SDOCT imaging shows that sickle cell patients with no clinical evidence of retinopathy have considerably lower central macular thickness when compared with healthy controls.
Patients with sickle cell anemia may present with significantly lower central macular thickness despite no signs of retinopathy, a new study from Jordan suggested.
The cross-sectional study was conducted by investigators at the University of Jordan, who evaluated participants with and without sickle cell anemia using visual acuity testing, slit-lamp bio-microscopy, dilated ophthalmoscopy, and spectral domain optical coherence tomography (SDOCT) imaging.
Although sickle cell retinopathy is the most prominent ocular abnormality in sickle cell patients, such patients may present as asymptomatic and thus may fail to attend scheduled visits with their ophthalmologists. Even more, many patients with sickle cell disease may not exhibit obvious or any visual symptoms during examination.
Therefore, the investigators sought to determine whether patients with the Hb SS variant exhibit early tomographic evidence of subclinical ischemia, or retinal thinning, despite no significant findings.
The team enrolled a total of 20 eyes from sickle cell patients who attended the hematology and ophthalmology clinics at Jordan University Hospital between January 2020-March 2020. Participants were age- and sex-matched with a control group during that period.
Any patient with an ocular disease that might affect retinal thickness or a history of intraocular surgery were excluded from the study.
At the outset of the study, participants underwent a full ophthalmic examination by a single retina consultant. The examination included visual assessment acuity with a Snellen chart and a fully dilated fundus examination, among other tests.
SDOCT images were collected and assessed — the investigators gathered data of measurements for all quadrants (central macular, superior, inferior, temporal, and nasal quadrants).
As such, they found that the median binocular best-corrected visual acuity in both groups was 20/20, and the median intraocular pressure in sickle cell patients were 13.4 mmHg in the right eye and 13.2 mmHg in the left eye.
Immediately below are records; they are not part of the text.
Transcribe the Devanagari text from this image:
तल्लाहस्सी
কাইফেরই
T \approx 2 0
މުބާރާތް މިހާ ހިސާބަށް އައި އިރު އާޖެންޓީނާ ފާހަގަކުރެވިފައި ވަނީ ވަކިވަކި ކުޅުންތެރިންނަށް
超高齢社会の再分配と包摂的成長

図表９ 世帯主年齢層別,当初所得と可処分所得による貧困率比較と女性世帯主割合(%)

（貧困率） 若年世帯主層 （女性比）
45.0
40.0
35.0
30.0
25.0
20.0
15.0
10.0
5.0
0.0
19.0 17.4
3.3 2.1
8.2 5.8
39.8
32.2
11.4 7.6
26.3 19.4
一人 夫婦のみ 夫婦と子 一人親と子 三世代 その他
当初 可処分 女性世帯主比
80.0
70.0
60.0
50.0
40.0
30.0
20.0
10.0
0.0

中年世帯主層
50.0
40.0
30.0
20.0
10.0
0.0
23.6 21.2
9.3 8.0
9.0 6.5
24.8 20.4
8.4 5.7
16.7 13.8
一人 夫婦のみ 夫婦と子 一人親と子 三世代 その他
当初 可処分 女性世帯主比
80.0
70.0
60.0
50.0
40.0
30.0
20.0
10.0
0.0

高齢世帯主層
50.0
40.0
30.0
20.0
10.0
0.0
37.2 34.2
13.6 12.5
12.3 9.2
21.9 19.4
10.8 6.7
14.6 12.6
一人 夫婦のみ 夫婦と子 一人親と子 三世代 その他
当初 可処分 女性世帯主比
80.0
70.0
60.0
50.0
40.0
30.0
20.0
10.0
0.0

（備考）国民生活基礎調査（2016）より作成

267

The comprehensive eye examinations also revealed slit-lamp examination findings to be within normal limits in all patients.
According to SDOCT imaging, the mean central macular thickness was significantly thinner in eyes with sickle cell disease than in the control group eyes (P = 0.002). This observation was similarly true for the other peripheral quadrants.
Additionally, sickle cell eyes had lower thickness difference indexes compared with the control eyes, particularly in the superior (P = .045) and temporal (P = .009) quadrants.
Men with sickle cell exhibited greater retinal thickness (median = 371 µm) than women with sickle cell (median = 222.5 µm). However, the investigators indicated this was not statistically significant.
They acknowledged the small sample size as a significant limitation of the study. They also encouraged future studies to evaluate progression of potential tomographic changes over time, determine how they relate with stages of overall retinopathy, and examine any potential effects of certain therapeutic approaches.
“Our findings imply that SDOCT and nascent tomographic technologies can provide non-invasive and accurate assessments of sickle cell disease pathophysiology,” the investigators concluded.
The study, “Central macular thickness in patients with sickle cell disease and no signs of retinopathy: a cross-sectional study of Jordanian patients,” was published online in Journal of International Medical Research.